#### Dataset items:
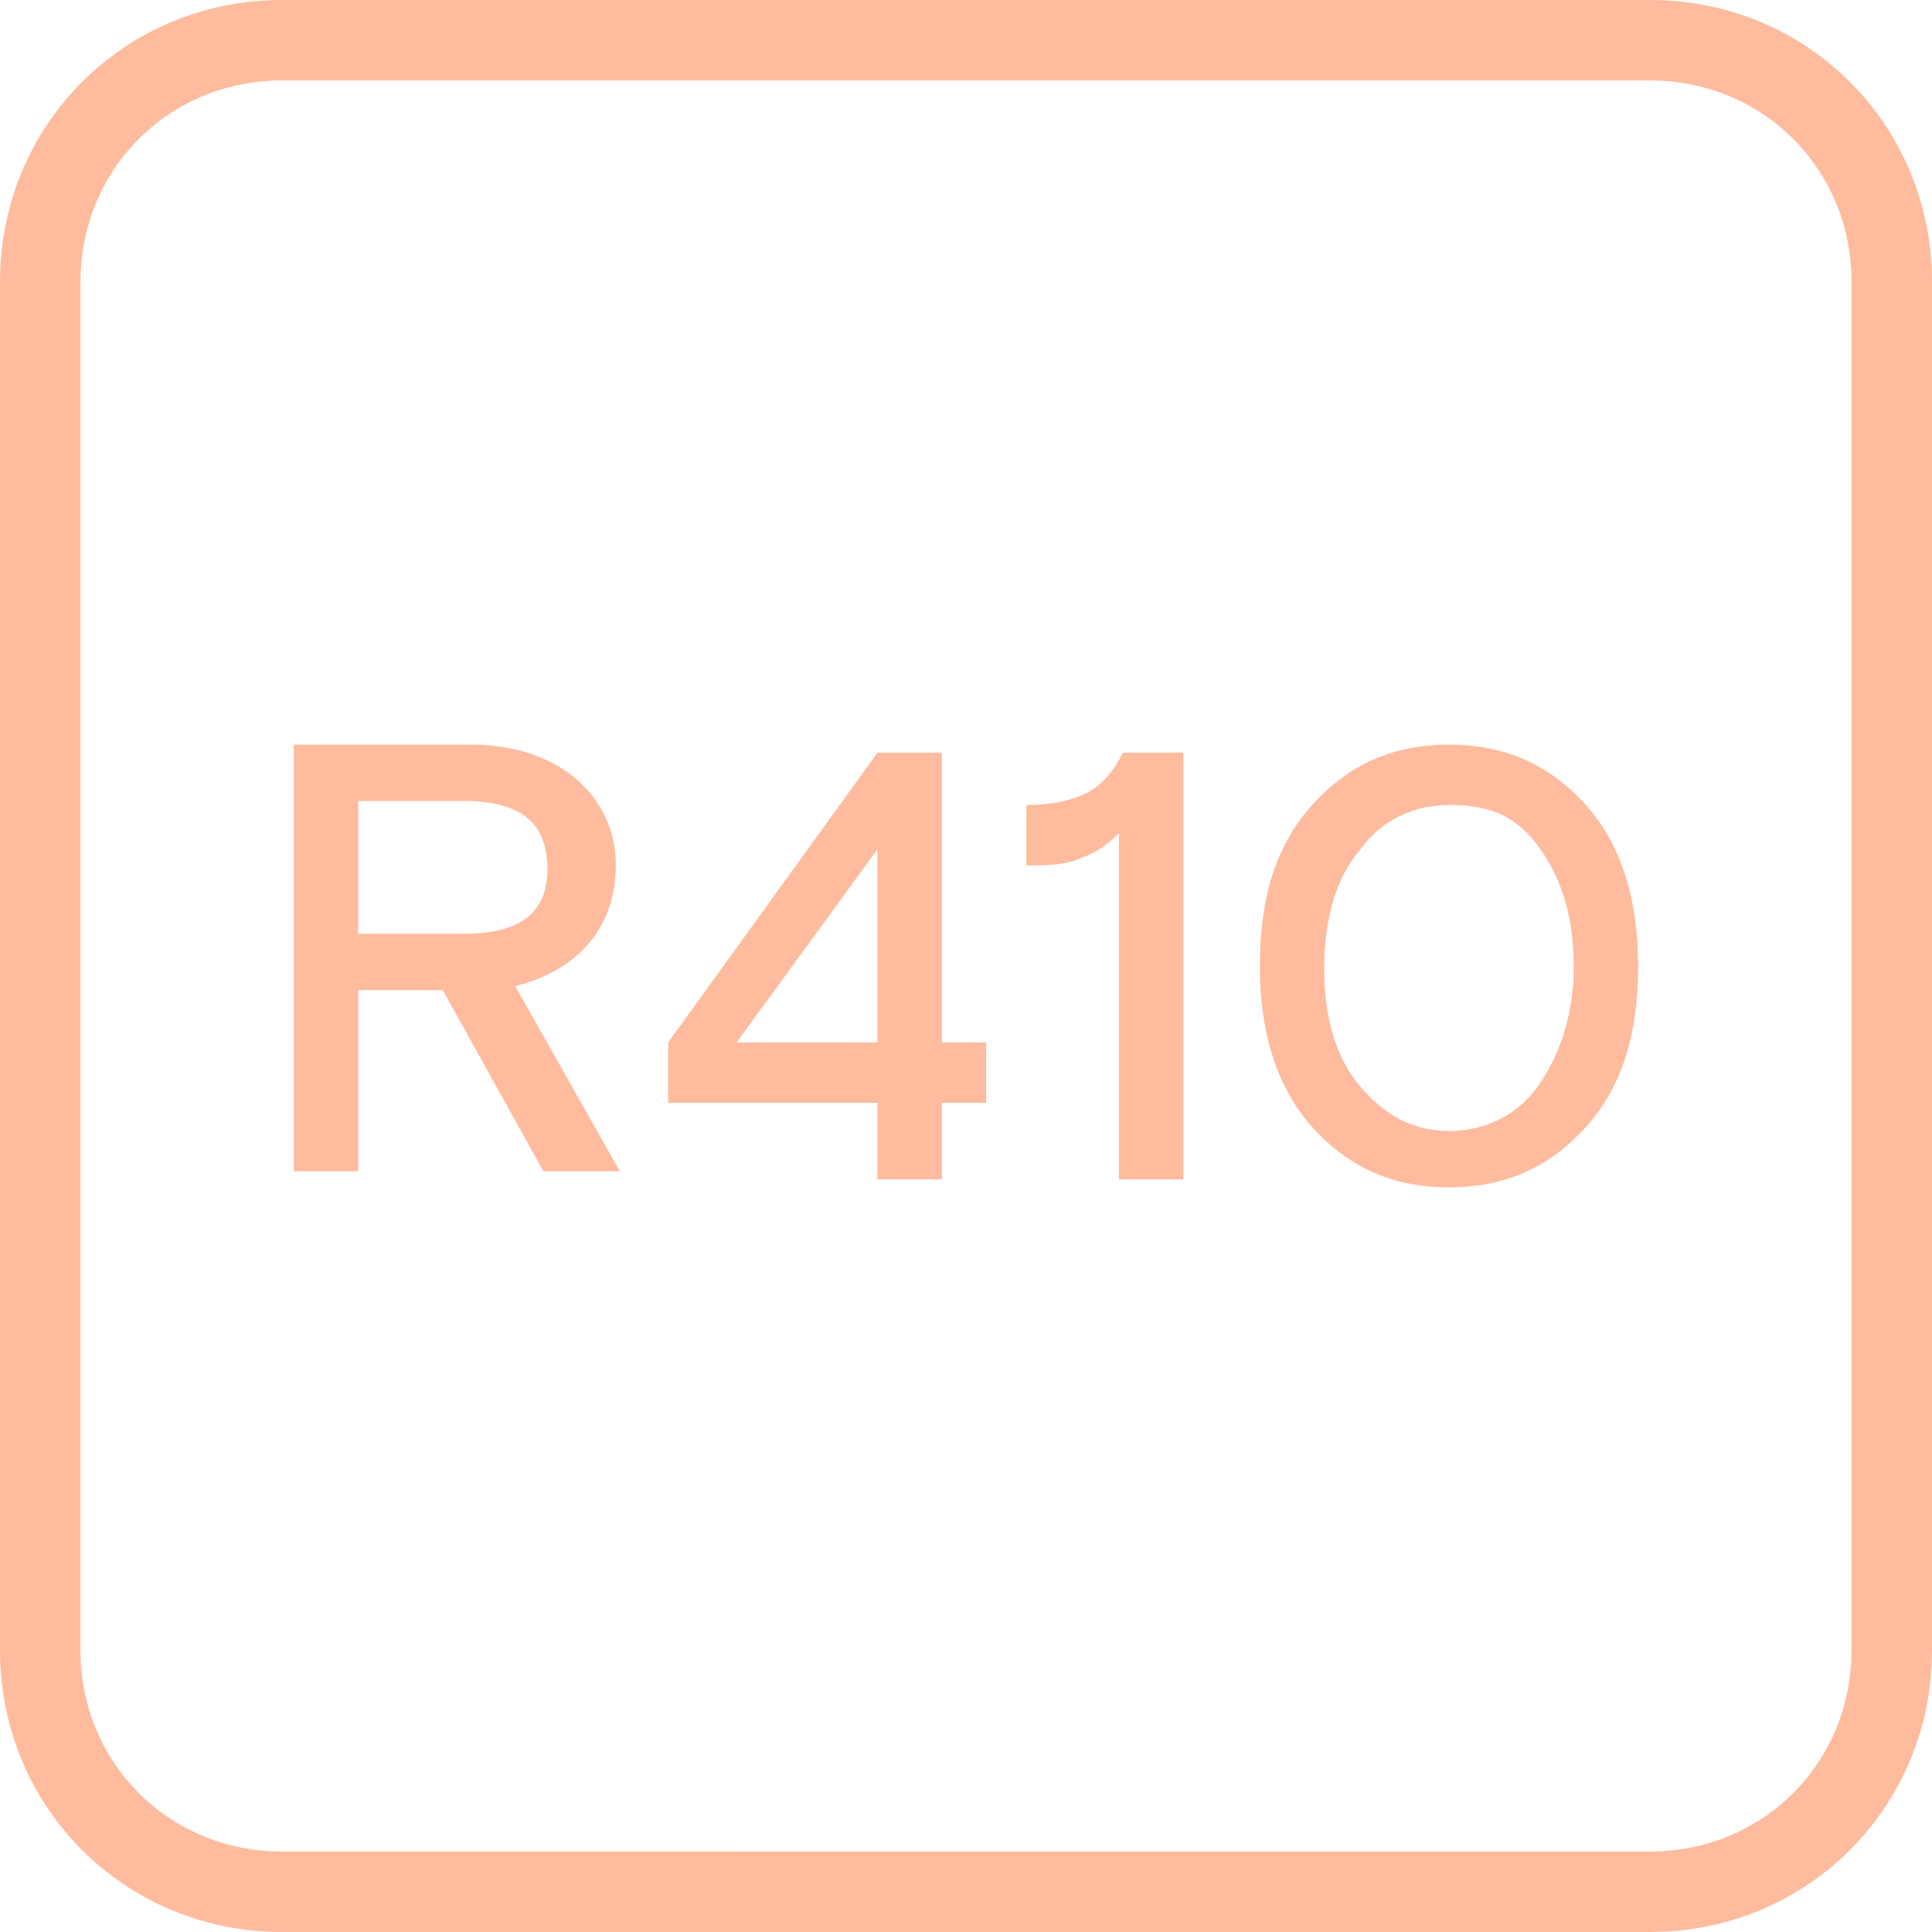 <?xml version="1.0" encoding="utf-8"?>
<!-- Generator: Adobe Illustrator 28.0.0, SVG Export Plug-In . SVG Version: 6.00 Build 0)  -->
<svg version="1.1" id="_Слой_1" xmlns="http://www.w3.org/2000/svg" xmlns:xlink="http://www.w3.org/1999/xlink" x="0px"
	 y="0px" viewBox="0 0 48 48" style="enable-background:new 0 0 48 48;" xml:space="preserve">
<style type="text/css">
	.st0{fill-rule:evenodd;clip-rule:evenodd;fill:#FFBB9E;}
	.st1{fill:#FFBB9E;}
</style>
<path class="st0" d="M0,7c0-3.9,3.1-7,7-7h34c3.9,0,7,3.1,7,7v34c0,3.9-3.1,7-7,7H7c-3.9,0-7-3.1-7-7V7z M7,2h34c2.8,0,5,2.2,5,5v34
	c0,2.8-2.2,5-5,5H7c-2.8,0-5-2.2-5-5V7C2,4.2,4.2,2,7,2"/>
<g>
	<path class="st0" d="M8.9,19.9h2.6c1.4,0,2.1,0.5,2.1,1.7c0,1.1-0.7,1.6-2.1,1.6H8.9V19.9z M13.5,29.1h1.9l-2.6-4.6
		c1.6-0.4,2.5-1.5,2.5-3c0-1.7-1.4-3-3.6-3H7.3v10.6h1.6v-4.5H11L13.5,29.1z"/>
	<g>
		<path class="st1" d="M16.6,27.4v-1.5l5.2-7.2h1.6v7.2h1.1v1.5h-1.1v1.9h-1.6v-1.9H16.6z M21.8,21.1l-3.5,4.8h3.5V21.1z"/>
		<path class="st1" d="M25.5,21.5v-1.5c0.6,0,1.1-0.1,1.5-0.3c0.4-0.2,0.7-0.6,0.9-1h1.5v10.6h-1.6v-8.6c-0.3,0.3-0.6,0.5-0.9,0.6
			C26.5,21.5,26,21.5,25.5,21.5z"/>
		<path class="st1" d="M39.4,20c0.9,1,1.3,2.4,1.3,4c0,1.7-0.4,3-1.3,4c-0.9,1-2,1.5-3.4,1.5c-1.4,0-2.5-0.5-3.4-1.5
			c-0.9-1-1.3-2.4-1.3-4c0-1.7,0.4-3,1.3-4c0.9-1,2-1.5,3.4-1.5C37.4,18.5,38.5,19,39.4,20z M33.8,27c0.6,0.7,1.3,1.1,2.2,1.1
			s1.7-0.4,2.2-1.1s0.9-1.7,0.9-3c0-1.2-0.3-2.2-0.9-3S36.9,20,36,20s-1.7,0.4-2.2,1.1c-0.6,0.7-0.9,1.7-0.9,3
			C32.9,25.3,33.2,26.3,33.8,27z"/>
	</g>
</g>
</svg>

#### Exercise description:
With the pictures excluded, the records are to be reproduced exactly.

#### Answer below:
 <?xml version="1.0" encoding="utf-8"?>
<!-- Generator: Adobe Illustrator 28.0.0, SVG Export Plug-In . SVG Version: 6.00 Build 0)  -->
<svg version="1.1" id="_Слой_1" xmlns="http://www.w3.org/2000/svg" xmlns:xlink="http://www.w3.org/1999/xlink" x="0px"
	 y="0px" viewBox="0 0 48 48" style="enable-background:new 0 0 48 48;" xml:space="preserve">
<style type="text/css">
	.st0{fill-rule:evenodd;clip-rule:evenodd;fill:#FFBB9E;}
	.st1{fill:#FFBB9E;}
</style>
<path class="st0" d="M0,7c0-3.9,3.1-7,7-7h34c3.9,0,7,3.1,7,7v34c0,3.9-3.1,7-7,7H7c-3.9,0-7-3.1-7-7V7z M7,2h34c2.8,0,5,2.2,5,5v34
	c0,2.8-2.2,5-5,5H7c-2.8,0-5-2.2-5-5V7C2,4.2,4.2,2,7,2"/>
<g>
	<path class="st0" d="M8.9,19.9h2.6c1.4,0,2.1,0.5,2.1,1.7c0,1.1-0.7,1.6-2.1,1.6H8.9V19.9z M13.5,29.1h1.9l-2.6-4.6
		c1.6-0.4,2.5-1.5,2.5-3c0-1.7-1.4-3-3.6-3H7.3v10.6h1.6v-4.5H11L13.5,29.1z"/>
	<g>
		<path class="st1" d="M16.6,27.4v-1.5l5.2-7.2h1.6v7.2h1.1v1.5h-1.1v1.9h-1.6v-1.9H16.6z M21.8,21.1l-3.5,4.8h3.5V21.1z"/>
		<path class="st1" d="M25.5,21.5v-1.5c0.6,0,1.1-0.1,1.5-0.3c0.4-0.2,0.7-0.6,0.9-1h1.5v10.6h-1.6v-8.6c-0.3,0.3-0.6,0.5-0.9,0.6
			C26.5,21.5,26,21.5,25.5,21.5z"/>
		<path class="st1" d="M39.4,20c0.9,1,1.3,2.4,1.3,4c0,1.7-0.4,3-1.3,4c-0.9,1-2,1.5-3.4,1.5c-1.4,0-2.5-0.5-3.4-1.5
			c-0.9-1-1.3-2.4-1.3-4c0-1.7,0.4-3,1.3-4c0.9-1,2-1.5,3.4-1.5C37.4,18.5,38.5,19,39.4,20z M33.8,27c0.6,0.7,1.3,1.1,2.2,1.1
			s1.7-0.4,2.2-1.1s0.9-1.7,0.9-3c0-1.2-0.3-2.2-0.9-3S36.9,20,36,20s-1.7,0.4-2.2,1.1c-0.6,0.7-0.9,1.7-0.9,3
			C32.9,25.3,33.2,26.3,33.8,27z"/>
	</g>
</g>
</svg>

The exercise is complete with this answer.